Simply summing up the latency of individual layers can be inaccurate on GPUs due to kernel fusion.
- The ML-based predictor learns these effects during training, providing a more accurate estimate.

🎯 Benefits of the Efficiency Predictor:

⚡ Speed: Quickly estimates latency, avoiding the time-consuming process of training and testing each sub-network.
💰 Cost: Reduces computational resources needed for evaluating different architectures during NAS.
🎯 Accuracy: Enables the search for models that are optimized for the specific target hardware.

Search Config Explain in HW

The configuration of a sub-network is defined by several parameters. Here’s a breakdown with examples:

1. `wid` – Width of the Network 📏

Represents the number of channels in convolutional layers.
1 – Full width (all channels).
0 – Pruned width (reduced channels).

2. `ks` – Kernel Sizes 🔲

Defines the filter size for each layer.
Example:
- 3 – 3x3 kernel.
- 7 – 7x7 kernel.
Varies across layers for flexibility.

3. `e` – Expand Ratio 🚀

Controls how much the number of channels expands in the inverted residual block.
Example:
- e = 6 – Channels expanded by 6x.
- e = 3 – Channels expanded by 3x.

4. `d` – Depth of the Block 📚

Refers to how many layers each block has.
Example:
- d = 2 – Two layers in the block.
- d = 0 – Block is skipped or minimal.

5. `image_size` – Input Resolution 🖼️

Represents the input image size.
Example:
- image_size = 96 – 96x96 pixel input.

🧪 NAS Applications Overview

🌟 Once-for-All (OFA) in Different Domains

📖 Natural Language Processing (NLP)

🌀 Once-for-All Transformers (OFA-Transformers):
Design a single transformer model that can specialize into sub-networks for various platforms, from resource-constrained devices to powerful servers.
⚙️ Hardware-Aware Transformers (HAT):
Search for transformer architectures optimized for specific hardware platforms, achieving significant speed-ups and model size reductions.
🔩 Spartan Transformer Chip:
A specialized chip for efficient NLP, showcasing the practical feasibility of hardware-aware NAS.

🏔️ 3D Vision

🛻 Sparse Point Voxel (SPV) for LiDAR Segmentation:
Efficient architectures designed to process point cloud data from LiDAR sensors, enabling real-time performance for self-driving applications.
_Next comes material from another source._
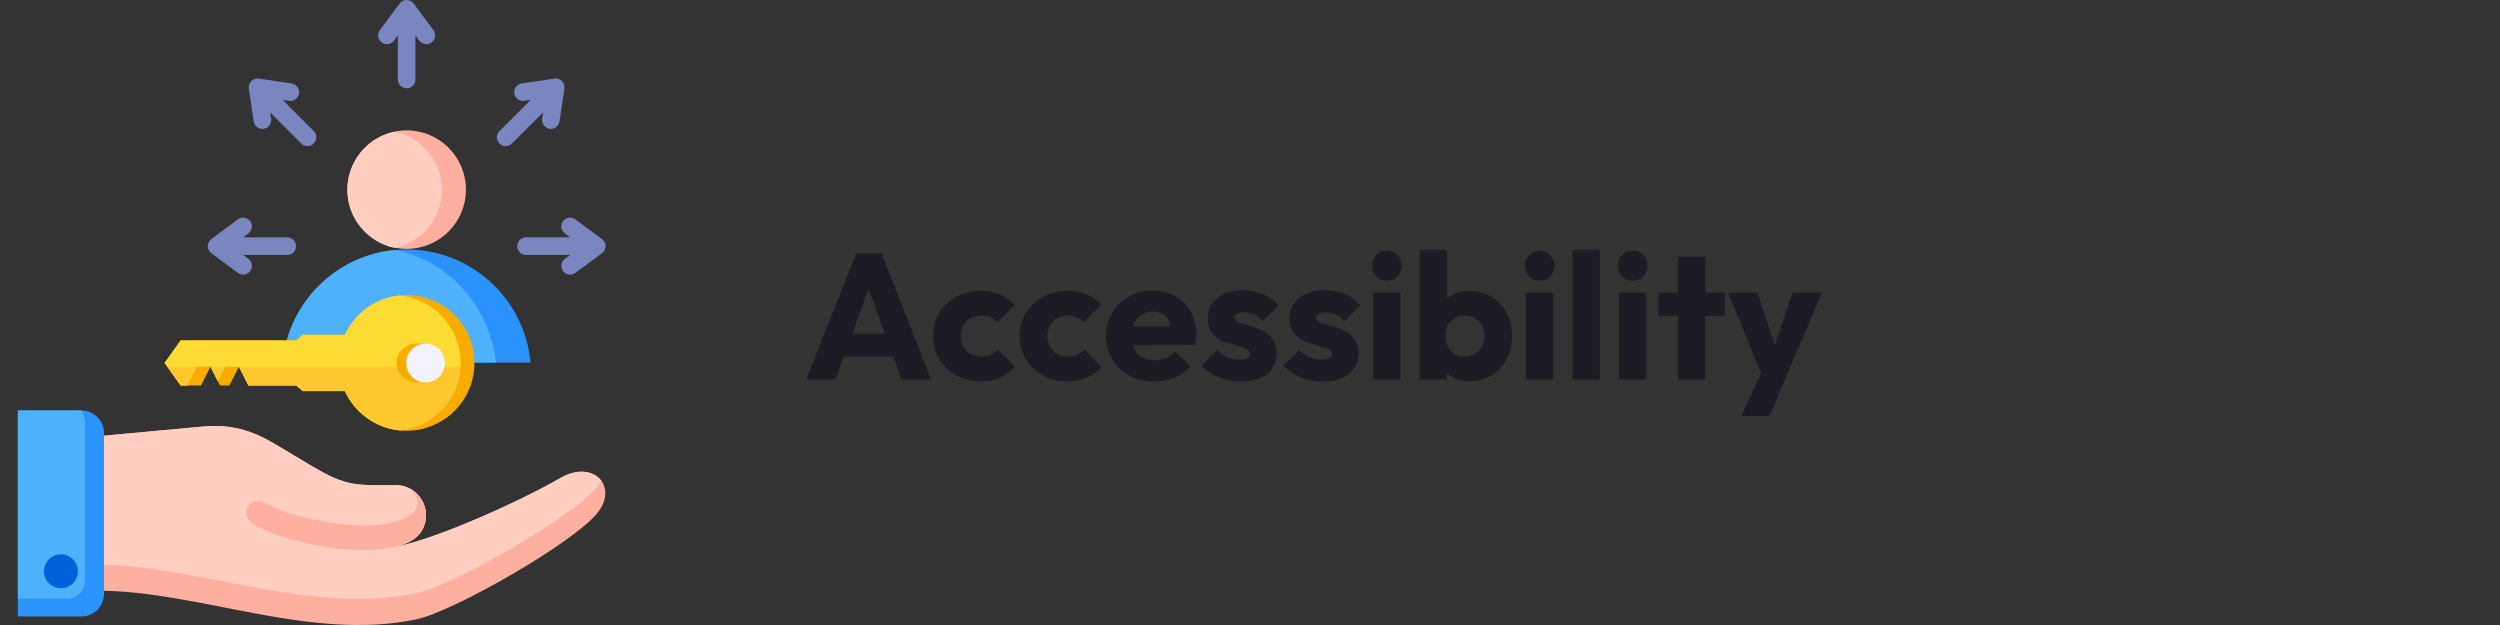 <svg xmlns="http://www.w3.org/2000/svg" width="280" height="70" viewBox="0 0 280 70" fill="none"><rect x="0" y="0" width="280" height="70" fill="#333333" stroke="none"/><g clip-path="url(#clip0_505_4180)"><path fill-rule="evenodd" clip-rule="evenodd" d="M32.168 26.581C32.713 26.581 33.155 27.023 33.155 27.568C33.155 28.112 32.713 28.554 32.168 28.554H27.231L27.818 28.989C28.254 29.313 28.346 29.929 28.022 30.365C27.699 30.801 27.083 30.892 26.647 30.569L23.664 28.357C23.124 27.957 23.14 27.15 23.679 26.767L26.647 24.567C27.083 24.243 27.699 24.334 28.022 24.771C28.346 25.207 28.254 25.823 27.818 26.146L27.231 26.581H32.168ZM58.916 28.554C58.371 28.554 57.929 28.112 57.929 27.568C57.929 27.023 58.371 26.581 58.916 26.581H63.853L63.266 26.146C62.83 25.823 62.738 25.207 63.062 24.771C63.385 24.334 64.001 24.243 64.437 24.567L67.405 26.767C67.944 27.15 67.96 27.957 67.42 28.357L64.437 30.569C64.001 30.892 63.385 30.801 63.062 30.365C62.738 29.929 62.83 29.313 63.266 28.989L63.853 28.554H58.915H58.916ZM57.339 16.073C56.954 16.458 56.33 16.458 55.944 16.073C55.559 15.688 55.559 15.063 55.944 14.678L59.434 11.188L58.711 11.296C58.173 11.375 57.672 11.002 57.594 10.464C57.515 9.926 57.888 9.425 58.426 9.346L62.078 8.804C62.731 8.694 63.313 9.252 63.216 9.918L62.671 13.591C62.592 14.129 62.092 14.502 61.553 14.423C61.015 14.344 60.642 13.844 60.721 13.306L60.828 12.583L57.339 16.073ZM46.528 8.902C46.528 9.446 46.087 9.888 45.542 9.888C44.997 9.888 44.556 9.446 44.556 8.902V3.964L44.12 4.551C43.797 4.987 43.181 5.079 42.745 4.755C42.309 4.432 42.218 3.816 42.541 3.38L44.741 0.413C45.125 -0.126 45.931 -0.143 46.332 0.397L48.543 3.38C48.867 3.816 48.775 4.432 48.339 4.755C47.903 5.079 47.287 4.987 46.964 4.551L46.528 3.964V8.902ZM35.14 14.678C35.525 15.063 35.525 15.688 35.14 16.073C34.755 16.458 34.13 16.458 33.745 16.073L30.256 12.583L30.363 13.306C30.442 13.845 30.069 14.345 29.531 14.424C28.993 14.502 28.492 14.13 28.414 13.591L27.868 9.918C27.771 9.252 28.354 8.694 29.007 8.804L32.658 9.347C33.197 9.425 33.569 9.926 33.49 10.464C33.412 11.002 32.912 11.375 32.373 11.296L31.65 11.189L35.14 14.678L35.14 14.678Z" fill="#7986BF"></path><path fill-rule="evenodd" clip-rule="evenodd" d="M45.542 27.943C52.812 27.943 58.78 33.51 59.42 40.614H31.663C32.303 33.51 38.272 27.943 45.542 27.943Z" fill="#2A92FA"></path><path fill-rule="evenodd" clip-rule="evenodd" d="M55.554 40.614H31.663C32.265 33.938 37.572 28.621 44.243 28.004C50.199 29.145 54.831 34.251 55.555 40.614H55.554Z" fill="#4EB1FC"></path><path d="M46.203 27.841C49.851 27.478 52.513 24.227 52.15 20.58C51.787 16.933 48.536 14.27 44.889 14.633C41.242 14.996 38.579 18.247 38.942 21.894C39.305 25.541 42.556 28.204 46.203 27.841Z" fill="#FDB0A0"></path><path fill-rule="evenodd" clip-rule="evenodd" d="M44.198 27.762C41.177 27.141 38.904 24.466 38.904 21.261C38.904 18.056 41.176 15.381 44.198 14.76C47.22 15.381 49.492 18.056 49.492 21.261C49.492 24.466 47.22 27.141 44.198 27.762Z" fill="#FFCEC0"></path><path fill-rule="evenodd" clip-rule="evenodd" d="M47.238 59.439C48.603 57.142 46.874 54.233 44.204 54.334C39.984 54.334 38.88 54.551 34.97 52.222L30.717 49.688C28.117 48.139 25.738 47.495 22.725 47.773L11.014 48.856V66.162C22.292 66.162 34.634 71.853 46.585 69.377C50.784 68.507 64.45 60.689 66.99 57.35C69.287 54.331 66.322 51.488 62.82 53.51C58.103 56.233 47.643 60.97 43.257 61.401C45.09 61.175 46.562 60.576 47.238 59.439H47.238Z" fill="#FDB0A0"></path><path fill-rule="evenodd" clip-rule="evenodd" d="M47.238 59.439C48.603 57.142 46.874 54.233 44.204 54.334C39.984 54.334 38.88 54.551 34.97 52.222L30.717 49.688C28.117 48.139 25.738 47.495 22.725 47.773L11.014 48.856V63.226C22.191 63.358 34.777 68.884 46.585 66.438C50.784 65.569 64.45 57.751 66.99 54.411C67.132 54.224 67.254 54.037 67.358 53.853C66.558 52.768 64.773 52.382 62.82 53.51C58.103 56.233 47.643 60.97 43.257 61.401C45.09 61.175 46.562 60.576 47.238 59.439H47.238Z" fill="#FFCEC0"></path><path fill-rule="evenodd" clip-rule="evenodd" d="M29.846 56.386C31.447 57.337 34.95 58.367 38.367 58.728C40.088 58.91 41.754 58.933 43.055 58.696C47.438 57.897 47.234 55.987 46 54.768C47.546 55.652 48.261 57.718 47.238 59.439C46.682 60.374 45.587 60.945 44.197 61.244C43.914 61.297 43.603 61.349 43.257 61.401C41.709 61.649 39.862 61.652 38.087 61.464C34.294 61.062 30.322 59.87 28.445 58.755C26.611 57.665 28.001 55.289 29.846 56.386V56.386Z" fill="#FDB0A0"></path><path fill-rule="evenodd" clip-rule="evenodd" d="M2 45.974H9.111C10.507 45.974 11.65 47.116 11.65 48.512V66.507C11.65 67.903 10.508 69.045 9.111 69.045H2V45.974Z" fill="#2A93FC"></path><path fill-rule="evenodd" clip-rule="evenodd" d="M2 45.974H9.111C9.363 46.367 9.509 46.834 9.509 47.333V65.082C9.509 66.166 8.624 67.051 7.54 67.051H2V45.974Z" fill="#4EB1FC"></path><path fill-rule="evenodd" clip-rule="evenodd" d="M6.825 65.884C7.872 65.884 8.725 65.031 8.725 63.984C8.725 62.937 7.872 62.083 6.825 62.083C5.778 62.083 4.924 62.937 4.924 63.984C4.924 65.031 5.778 65.884 6.825 65.884Z" fill="#0062D9"></path><path fill-rule="evenodd" clip-rule="evenodd" d="M38.63 37.491H33.906L33.199 38.122H20.233L18.435 40.645L20.233 43.169H22.51L23.575 41.074L24.64 43.169H25.694L26.759 41.074L27.824 43.169H33.199L33.906 43.8H38.63C39.828 46.421 42.472 48.242 45.542 48.242C49.737 48.242 53.139 44.841 53.139 40.645C53.139 36.45 49.737 33.049 45.542 33.049C42.472 33.049 39.828 34.87 38.63 37.491H38.63Z" fill="#F9AC00"></path><path fill-rule="evenodd" clip-rule="evenodd" d="M38.63 37.491H33.906L33.199 38.122H20.233L18.435 40.645L20.233 43.169H20.96L22.025 41.074H23.575L24.392 42.681L25.209 41.074H26.759L27.824 43.169H33.199L33.906 43.8H38.63C39.726 46.198 42.033 47.926 44.769 48.203C48.599 47.814 51.589 44.579 51.589 40.645C51.589 36.712 48.599 33.477 44.769 33.088C42.033 33.364 39.726 35.093 38.63 37.49L38.63 37.491Z" fill="#FCDB35"></path><path fill-rule="evenodd" clip-rule="evenodd" d="M18.741 41.073L20.233 43.168H20.96L22.025 41.073H18.741H18.741ZM23.575 41.073L24.392 42.681L25.209 41.073H23.575ZM26.759 41.073L27.824 43.168H33.199L33.906 43.8H38.63C39.726 46.198 42.033 47.926 44.769 48.202C48.459 47.828 51.369 44.811 51.576 41.073H26.759L26.759 41.073Z" fill="#FDC72E"></path><path fill-rule="evenodd" clip-rule="evenodd" d="M47.651 42.812H46.587C45.39 42.812 44.419 41.842 44.419 40.645C44.419 39.448 45.39 38.477 46.587 38.477H47.651V42.812Z" fill="#F9AC00"></path><path d="M49.732 41.286C50.079 40.141 49.432 38.931 48.286 38.584C47.141 38.236 45.931 38.884 45.584 40.029C45.236 41.175 45.884 42.385 47.029 42.732C48.175 43.079 49.385 42.432 49.732 41.286Z" fill="#F3F3FF"></path></g><path d="M90.3 42.5L95.9 28.38H98.74L104.28 42.5H100.96L96.72 30.78H97.86L93.56 42.5H90.3ZM93.48 39.94V37.38H101.18V39.94H93.48ZM109.843 42.72C108.843 42.72 107.936 42.5 107.123 42.06C106.309 41.62 105.669 41.013 105.203 40.24C104.736 39.467 104.503 38.6 104.503 37.64C104.503 36.667 104.736 35.8 105.203 35.04C105.683 34.267 106.329 33.66 107.143 33.22C107.956 32.78 108.869 32.56 109.883 32.56C110.643 32.56 111.336 32.693 111.963 32.96C112.603 33.213 113.169 33.6 113.663 34.12L111.703 36.08C111.476 35.827 111.209 35.64 110.903 35.52C110.609 35.4 110.269 35.34 109.883 35.34C109.443 35.34 109.049 35.44 108.703 35.64C108.369 35.827 108.103 36.093 107.903 36.44C107.716 36.773 107.623 37.167 107.623 37.62C107.623 38.073 107.716 38.473 107.903 38.82C108.103 39.167 108.376 39.44 108.723 39.64C109.069 39.84 109.456 39.94 109.883 39.94C110.283 39.94 110.636 39.873 110.943 39.74C111.263 39.593 111.536 39.393 111.763 39.14L113.703 41.1C113.196 41.633 112.623 42.04 111.983 42.32C111.343 42.587 110.629 42.72 109.843 42.72ZM119.53 42.72C118.53 42.72 117.623 42.5 116.81 42.06C115.997 41.62 115.357 41.013 114.89 40.24C114.423 39.467 114.19 38.6 114.19 37.64C114.19 36.667 114.423 35.8 114.89 35.04C115.37 34.267 116.017 33.66 116.83 33.22C117.643 32.78 118.557 32.56 119.57 32.56C120.33 32.56 121.023 32.693 121.65 32.96C122.29 33.213 122.857 33.6 123.35 34.12L121.39 36.08C121.163 35.827 120.897 35.64 120.59 35.52C120.297 35.4 119.957 35.34 119.57 35.34C119.13 35.34 118.737 35.44 118.39 35.64C118.057 35.827 117.79 36.093 117.59 36.44C117.403 36.773 117.31 37.167 117.31 37.62C117.31 38.073 117.403 38.473 117.59 38.82C117.79 39.167 118.063 39.44 118.41 39.64C118.757 39.84 119.143 39.94 119.57 39.94C119.97 39.94 120.323 39.873 120.63 39.74C120.95 39.593 121.223 39.393 121.45 39.14L123.39 41.1C122.883 41.633 122.31 42.04 121.67 42.32C121.03 42.587 120.317 42.72 119.53 42.72ZM129.317 42.72C128.264 42.72 127.324 42.507 126.498 42.08C125.684 41.64 125.044 41.033 124.578 40.26C124.111 39.487 123.878 38.613 123.878 37.64C123.878 36.667 124.104 35.8 124.558 35.04C125.024 34.267 125.651 33.66 126.438 33.22C127.224 32.78 128.111 32.56 129.098 32.56C130.058 32.56 130.904 32.767 131.638 33.18C132.371 33.593 132.944 34.167 133.358 34.9C133.784 35.633 133.997 36.473 133.997 37.42C133.997 37.593 133.984 37.78 133.958 37.98C133.944 38.167 133.911 38.387 133.858 38.64L125.478 38.66V36.56L132.558 36.54L131.238 37.42C131.224 36.86 131.138 36.4 130.978 36.04C130.818 35.667 130.578 35.387 130.258 35.2C129.951 35 129.571 34.9 129.118 34.9C128.638 34.9 128.218 35.013 127.858 35.24C127.511 35.453 127.238 35.76 127.038 36.16C126.851 36.56 126.758 37.047 126.758 37.62C126.758 38.193 126.858 38.687 127.058 39.1C127.271 39.5 127.564 39.813 127.938 40.04C128.324 40.253 128.778 40.36 129.298 40.36C129.778 40.36 130.211 40.28 130.598 40.12C130.984 39.947 131.324 39.693 131.618 39.36L133.298 41.04C132.818 41.6 132.238 42.02 131.558 42.3C130.878 42.58 130.131 42.72 129.317 42.72ZM139.015 42.74C138.441 42.74 137.875 42.667 137.315 42.52C136.768 42.373 136.255 42.167 135.775 41.9C135.308 41.62 134.908 41.3 134.575 40.94L136.315 39.18C136.635 39.527 137.015 39.8 137.455 40C137.895 40.187 138.375 40.28 138.895 40.28C139.255 40.28 139.528 40.227 139.715 40.12C139.915 40.013 140.015 39.867 140.015 39.68C140.015 39.44 139.895 39.26 139.655 39.14C139.428 39.007 139.135 38.893 138.775 38.8C138.415 38.693 138.035 38.58 137.635 38.46C137.235 38.34 136.855 38.173 136.495 37.96C136.135 37.747 135.841 37.453 135.615 37.08C135.388 36.693 135.275 36.207 135.275 35.62C135.275 34.993 135.435 34.453 135.755 34C136.075 33.533 136.528 33.167 137.115 32.9C137.701 32.633 138.388 32.5 139.175 32.5C140.001 32.5 140.761 32.647 141.455 32.94C142.161 33.22 142.735 33.64 143.175 34.2L141.435 35.96C141.128 35.6 140.781 35.347 140.395 35.2C140.021 35.053 139.655 34.98 139.295 34.98C138.948 34.98 138.688 35.033 138.515 35.14C138.341 35.233 138.255 35.373 138.255 35.56C138.255 35.76 138.368 35.92 138.595 36.04C138.821 36.16 139.115 36.267 139.475 36.36C139.835 36.453 140.215 36.567 140.615 36.7C141.015 36.833 141.395 37.013 141.755 37.24C142.115 37.467 142.408 37.773 142.635 38.16C142.861 38.533 142.975 39.027 142.975 39.64C142.975 40.587 142.615 41.34 141.895 41.9C141.188 42.46 140.228 42.74 139.015 42.74ZM148.175 42.74C147.601 42.74 147.035 42.667 146.475 42.52C145.928 42.373 145.415 42.167 144.935 41.9C144.468 41.62 144.068 41.3 143.735 40.94L145.475 39.18C145.795 39.527 146.175 39.8 146.615 40C147.055 40.187 147.535 40.28 148.055 40.28C148.415 40.28 148.688 40.227 148.875 40.12C149.075 40.013 149.175 39.867 149.175 39.68C149.175 39.44 149.055 39.26 148.815 39.14C148.588 39.007 148.295 38.893 147.935 38.8C147.575 38.693 147.195 38.58 146.795 38.46C146.395 38.34 146.015 38.173 145.655 37.96C145.295 37.747 145.001 37.453 144.775 37.08C144.548 36.693 144.435 36.207 144.435 35.62C144.435 34.993 144.595 34.453 144.915 34C145.235 33.533 145.688 33.167 146.275 32.9C146.861 32.633 147.548 32.5 148.335 32.5C149.161 32.5 149.921 32.647 150.615 32.94C151.321 33.22 151.895 33.64 152.335 34.2L150.595 35.96C150.288 35.6 149.941 35.347 149.555 35.2C149.181 35.053 148.815 34.98 148.455 34.98C148.108 34.98 147.848 35.033 147.675 35.14C147.501 35.233 147.415 35.373 147.415 35.56C147.415 35.76 147.528 35.92 147.755 36.04C147.981 36.16 148.275 36.267 148.635 36.36C148.995 36.453 149.375 36.567 149.775 36.7C150.175 36.833 150.555 37.013 150.915 37.24C151.275 37.467 151.568 37.773 151.795 38.16C152.021 38.533 152.135 39.027 152.135 39.64C152.135 40.587 151.775 41.34 151.055 41.9C150.348 42.46 149.388 42.74 148.175 42.74ZM153.795 42.5V32.78H156.855V42.5H153.795ZM155.335 31.44C154.855 31.44 154.455 31.28 154.135 30.96C153.828 30.627 153.675 30.227 153.675 29.76C153.675 29.28 153.828 28.88 154.135 28.56C154.455 28.24 154.855 28.08 155.335 28.08C155.815 28.08 156.208 28.24 156.515 28.56C156.822 28.88 156.975 29.28 156.975 29.76C156.975 30.227 156.822 30.627 156.515 30.96C156.208 31.28 155.815 31.44 155.335 31.44ZM164.61 42.7C163.956 42.7 163.356 42.567 162.81 42.3C162.263 42.02 161.816 41.653 161.47 41.2C161.123 40.733 160.923 40.213 160.87 39.64V35.54C160.923 34.967 161.123 34.46 161.47 34.02C161.816 33.567 162.263 33.213 162.81 32.96C163.356 32.707 163.956 32.58 164.61 32.58C165.53 32.58 166.343 32.8 167.05 33.24C167.77 33.68 168.33 34.28 168.73 35.04C169.143 35.8 169.35 36.667 169.35 37.64C169.35 38.613 169.143 39.48 168.73 40.24C168.33 41 167.77 41.6 167.05 42.04C166.343 42.48 165.53 42.7 164.61 42.7ZM159.01 42.5V27.98H162.07V35.16L161.57 37.52L162.03 39.88V42.5H159.01ZM164.07 39.94C164.496 39.94 164.87 39.84 165.19 39.64C165.523 39.44 165.783 39.167 165.97 38.82C166.156 38.473 166.25 38.08 166.25 37.64C166.25 37.187 166.156 36.787 165.97 36.44C165.783 36.093 165.523 35.827 165.19 35.64C164.87 35.44 164.496 35.34 164.07 35.34C163.643 35.34 163.263 35.44 162.93 35.64C162.596 35.827 162.336 36.093 162.15 36.44C161.976 36.787 161.89 37.187 161.89 37.64C161.89 38.093 161.983 38.493 162.17 38.84C162.356 39.187 162.61 39.46 162.93 39.66C163.263 39.847 163.643 39.94 164.07 39.94ZM170.904 42.5V32.78H173.964V42.5H170.904ZM172.444 31.44C171.964 31.44 171.564 31.28 171.244 30.96C170.938 30.627 170.784 30.227 170.784 29.76C170.784 29.28 170.938 28.88 171.244 28.56C171.564 28.24 171.964 28.08 172.444 28.08C172.924 28.08 173.318 28.24 173.624 28.56C173.931 28.88 174.084 29.28 174.084 29.76C174.084 30.227 173.931 30.627 173.624 30.96C173.318 31.28 172.924 31.44 172.444 31.44ZM176.119 42.5V27.98H179.179V42.5H176.119ZM181.334 42.5V32.78H184.394V42.5H181.334ZM182.874 31.44C182.394 31.44 181.994 31.28 181.674 30.96C181.367 30.627 181.214 30.227 181.214 29.76C181.214 29.28 181.367 28.88 181.674 28.56C181.994 28.24 182.394 28.08 182.874 28.08C183.354 28.08 183.747 28.24 184.054 28.56C184.361 28.88 184.514 29.28 184.514 29.76C184.514 30.227 184.361 30.627 184.054 30.96C183.747 31.28 183.354 31.44 182.874 31.44ZM187.929 42.5V28.76H190.989V42.5H187.929ZM185.729 35.38V32.78H193.189V35.38H185.729ZM197.537 42.54L193.537 32.78H196.837L199.377 40.52H198.157L200.757 32.78H204.057L199.897 42.54H197.537ZM195.037 46.6L197.957 40.3L199.897 42.54L198.177 46.6H195.037Z" fill="#1C1C25"></path><defs><clipPath id="clip0_505_4180"><rect width="70" height="70" fill="white"></rect></clipPath></defs></svg>

🖼️ Image Editing (Generative Adversarial Networks - GANs)

🎨 Once-for-All GANs:
Train a single GAN capable of generating images at various resolutions and quality levels, supporting fast prototyping and high-quality image finalization.

🕺 Human Pose Estimation

📱 Hardware-aware NAS for Pose Estimation:
Design efficient architectures for real-time pose estimation on mobile devices.

🧑‍🔬 Quantum AI

🔬 OFA for Quantum Circuits:
Search for robust sub-circuits within a larger super-circuit to mitigate noise and enhance accuracy in quantum computing applications.

💬 Large Language Models (LLMs)

⚡ Inference Adaptive LLMs:
Apply OFA principles to LLMs, creating multiple models of varying sizes from a single trained super-network, enabling deployment across diverse hardware platforms.